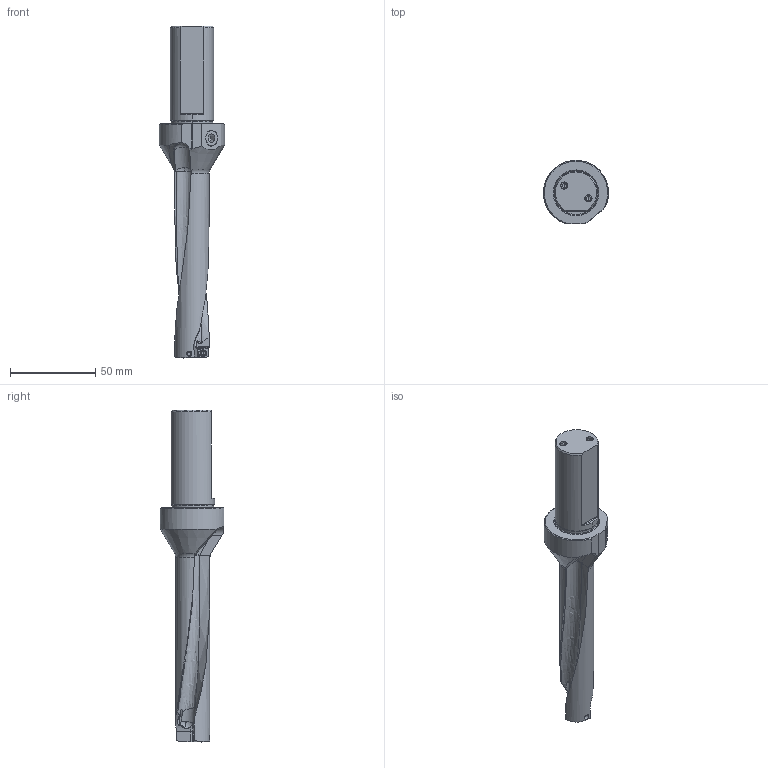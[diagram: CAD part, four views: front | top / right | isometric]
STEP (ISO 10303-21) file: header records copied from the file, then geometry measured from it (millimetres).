
FILE_DESCRIPTION(/* description */ (''),/* implementation_level */ '2;1');
FILE_NAME(/* name */ 'MVX0812X5C100.stp',/* time_stamp */ '2021-04-05T13:01:49+09:00',/* author */ (''),/* organization */ (''),/* preprocessor_version */ 'ST-DEVELOPER v16',/* originating_system */ 'SIEMENS PLM Software NX 10.0',/* authorisation */ '');
FILE_SCHEMA (('AUTOMOTIVE_DESIGN { 1 0 10303 214 3 1 1 1 }'));
Length unit declared in the file: millimetre
Products named in the file (1): MVX0812X5C100_ASM
Bounding box: 38.1 x 37.1 x 194.39 mm (x, y, z)
Volume: 63967.5 mm3; surface area: 22601.8 mm2
Topology: 6 solids, 6 shells, 284 faces, 826 edges, 541 vertices
Faces by surface type: cylinder 98, plane 87, cone 57, sphere 20, torus 14, bspline 6, extrusion 2
Entity records: 13487 total; most frequent: CARTESIAN_POINT 5956, ORIENTED_EDGE 1604, DIRECTION 1506, EDGE_CURVE 802, AXIS2_PLACEMENT_3D 598, VERTEX_POINT 536, VECTOR 310, LINE 308

» **What you have to do**: The task calls for every record to be transcribed exactly, with no images included.

» **Answer**:
[diagram: CAD part, four views: front | top / right | isometric]
STEP (ISO 10303-21) file: header records copied from the file, then geometry measured from it (millimetres).
FILE_DESCRIPTION(/* description */ (''),/* implementation_level */ '2;1');
FILE_NAME(/* name */ 'MVX0812X5C100.stp',/* time_stamp */ '2021-04-05T13:01:49+09:00',/* author */ (''),/* organization */ (''),/* preprocessor_version */ 'ST-DEVELOPER v16',/* originating_system */ 'SIEMENS PLM Software NX 10.0',/* authorisation */ '');
FILE_SCHEMA (('AUTOMOTIVE_DESIGN { 1 0 10303 214 3 1 1 1 }'));
Length unit declared in the file: millimetre
Products named in the file (1): MVX0812X5C100_ASM
Bounding box: 38.1 x 37.1 x 194.39 mm (x, y, z)
Volume: 63967.5 mm3; surface area: 22601.8 mm2
Topology: 6 solids, 6 shells, 284 faces, 826 edges, 541 vertices
Faces by surface type: cylinder 98, plane 87, cone 57, sphere 20, torus 14, bspline 6, extrusion 2
Entity records: 13487 total; most frequent: CARTESIAN_POINT 5956, ORIENTED_EDGE 1604, DIRECTION 1506, EDGE_CURVE 802, AXIS2_PLACEMENT_3D 598, VERTEX_POINT 536, VECTOR 310, LINE 308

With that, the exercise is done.